My real contribution to my team, and to other teams at Bucknell has been my determination to create an atmosphere of acceptance and tolerance for all students and athletes.
My story began in high school where -- just as my mother, father and sister before me -- I started my running career as a distance runner on the cross country team. I did fairly well for a freshman, making the varsity team and running as the "fourth man," meaning I consistently was our fourth runner to score.
At the end of that season, my coach took me aside and told me that I was going to learn to hurdle. I followed his wishes and became a pretty good hurdler. By the end of my high school running career, I had earned a varsity letter for every season that I ran.
The truth, however, is that in many ways my success in high school, both on the field and in the classroom, was largely a result of me running away from my sexuality. Early in high school I realized why I had always felt different my whole life, but instead of admitting to myself I was gay, I threw myself entirely into my activities and excelled at nearly everything I did. This came at a price, as I didn't have many close friends in high school. The ones I had were almost all female and I never dated anyone. I realize now that I was very lonely and went through bouts of depression as I struggled with my sexuality.
Because of my grades and a particularly successful outdoor track season my junior year of high school, I was pretty heavily recruited to run in college. I looked at several schools but as soon as I visited Bucknell University's campus in central Pennsylvania, I fell in love and knew that it was where I was going to go.

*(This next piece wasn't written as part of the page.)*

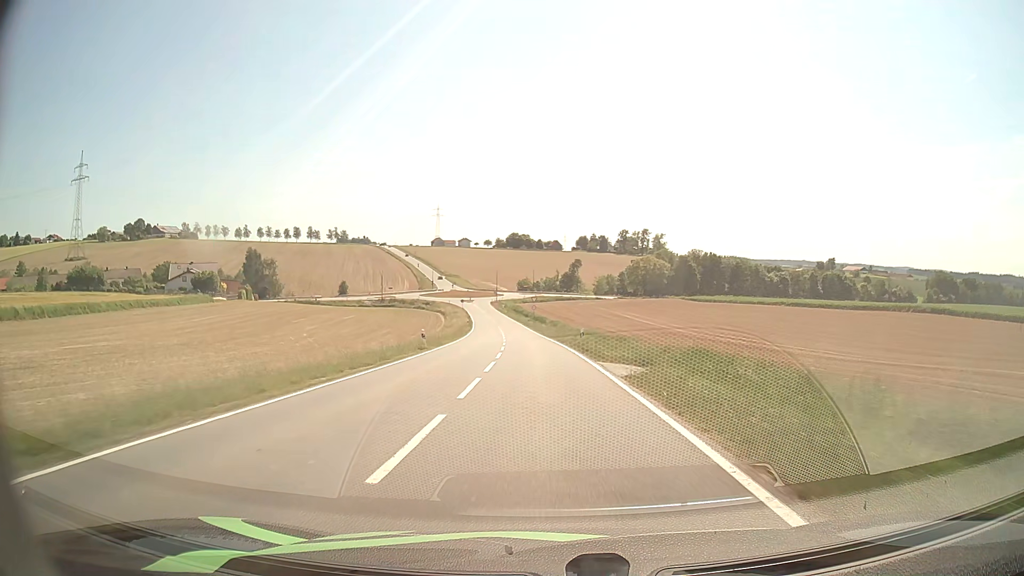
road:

In August 2006, I entered Bucknell and began my collegiate running career. I made friends with my fellow sprinters and hurdlers and they became my new family. For the first time I had a large group of close male friends, and it was wonderful. However, at 19, it was harder to deny myself sexually and I had started coming to terms with the fact that I was gay.
I had still not told anyone and I had very little experience with men. I'd only had one experience with a guy from high school, who kept my confidence. We kept in touch when I went away to college because he was the only person I felt that I could talk to about my sexuality.

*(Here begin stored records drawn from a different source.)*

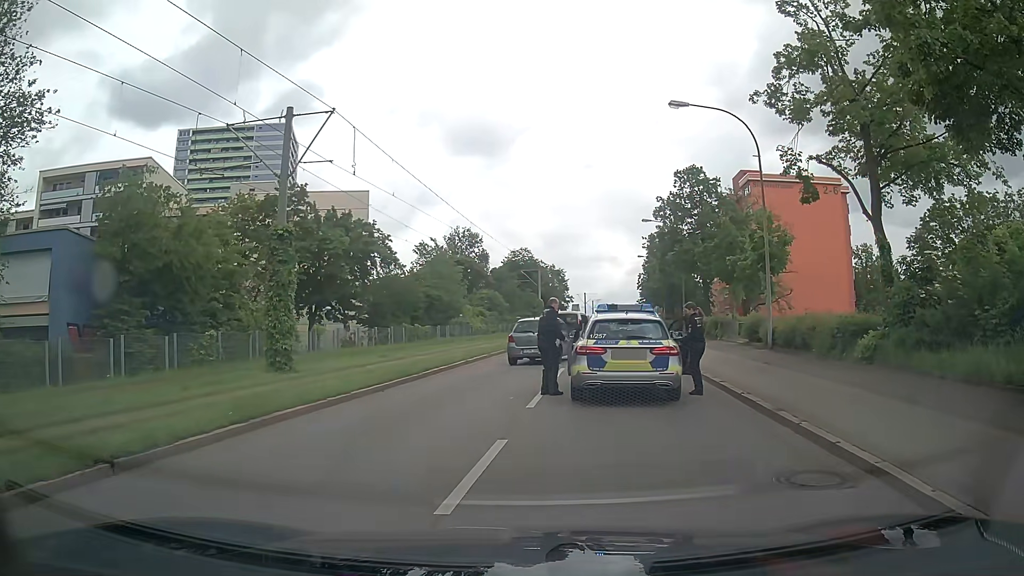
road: tertiary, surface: asphalt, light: Day
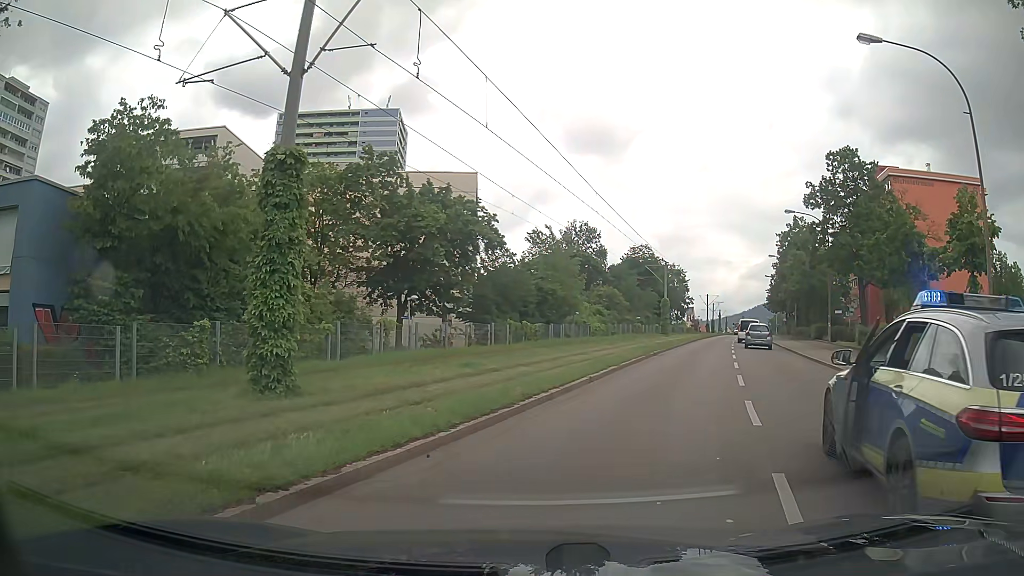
(-0.7, +7.8) m; -10°
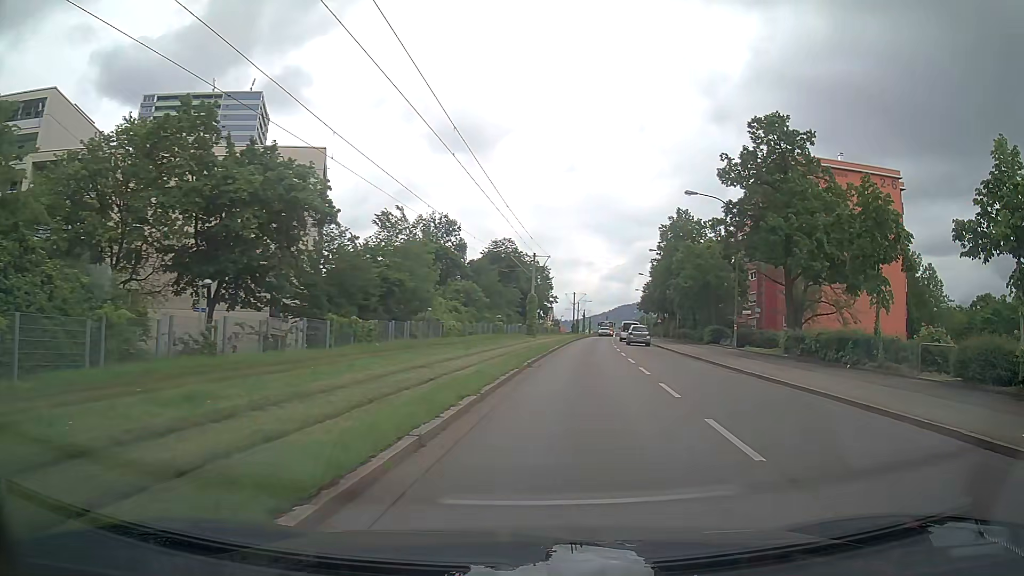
(+0.9, +8.9) m; +13°
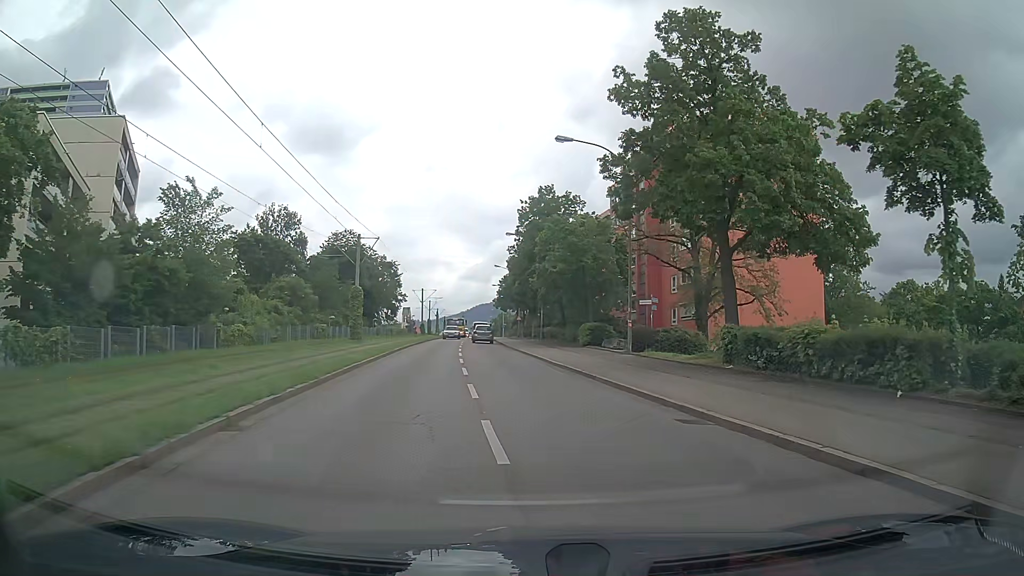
(+1.9, +12.4) m; +12°

For the most part, my year went by pretty typically for a Bucknell student. I was learning how to handle college-level academics while balancing a full-time varsity sport. Unlike most Bucknell students, however, I was also always under constant fear that someone at school would question my sexuality or discover I was gay.
A fearful freshman
As a freshman, the locker room was never a fun place for me. I feared a teammate would accuse me of trying to check him out. And if it was discovered I was gay, I was afraid I wouldn't be allowed to use the locker room or possibly not even allowed to remain on the team. These fears were compounded by the fact that a lot of the upperclassman on the team used some many blunt, homophobic slurs. Hearing my teammates call each other "fag" and "homo" was a daily occurrence.

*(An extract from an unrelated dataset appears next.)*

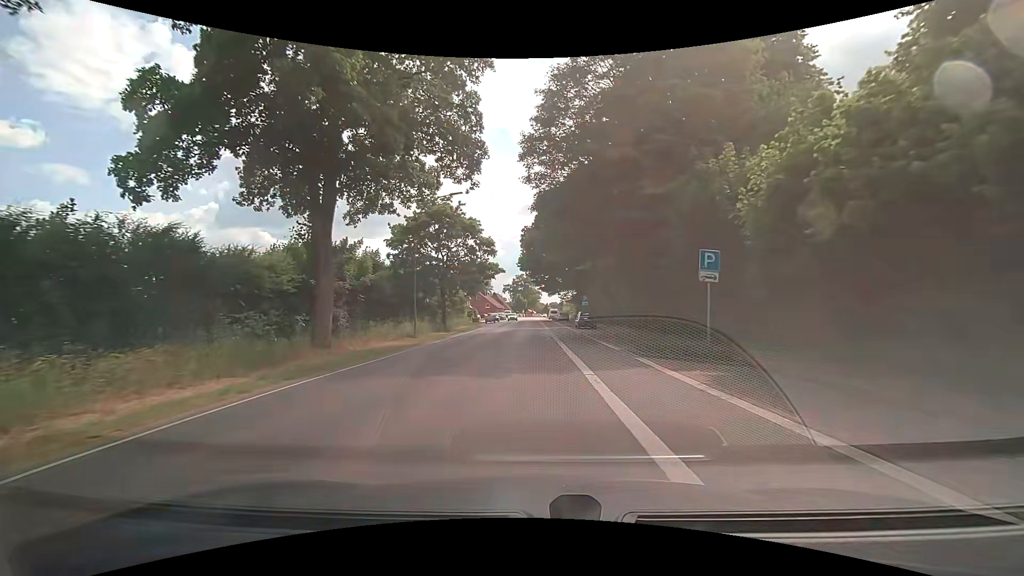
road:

Despite those fears, I still loved my close group of friends, but I didn't feel comfortable enough to come out to them. That is until one day about halfway through the spring semester when everything changed.
My best friend and fellow hurdler, Tony, had come over to my room before practice. He asked to use my computer to check for something. What I forgot was that I had left an instant message conversation between myself and the guy from high school, which laid out pretty clearly my sexual orientation. When Tony acknowledged he had seen it, I was so embarrassed and horrified I literally hid my face. Thankfully, he could tell I did not want to discuss it and did not pursue a conversation.
The next 24 hours were perhaps the worst of my life. I was stressed that Tony was going to tell everyone what he found out about me and I was too scared to bring myself to talk to Tony about it. I knew that once I had that conversation, I was fully admitting to myself that I was gay.
By the next day I couldn't handle the uncertainty of whether Tony would keep my secret, so I confronted him in private. He talked before I could get any words out and made me feel like the weight of the world had been lifted from me, saying, "Coyne, you don't have to worry about me telling anyone about you being gay. It's your business to tell, not mine."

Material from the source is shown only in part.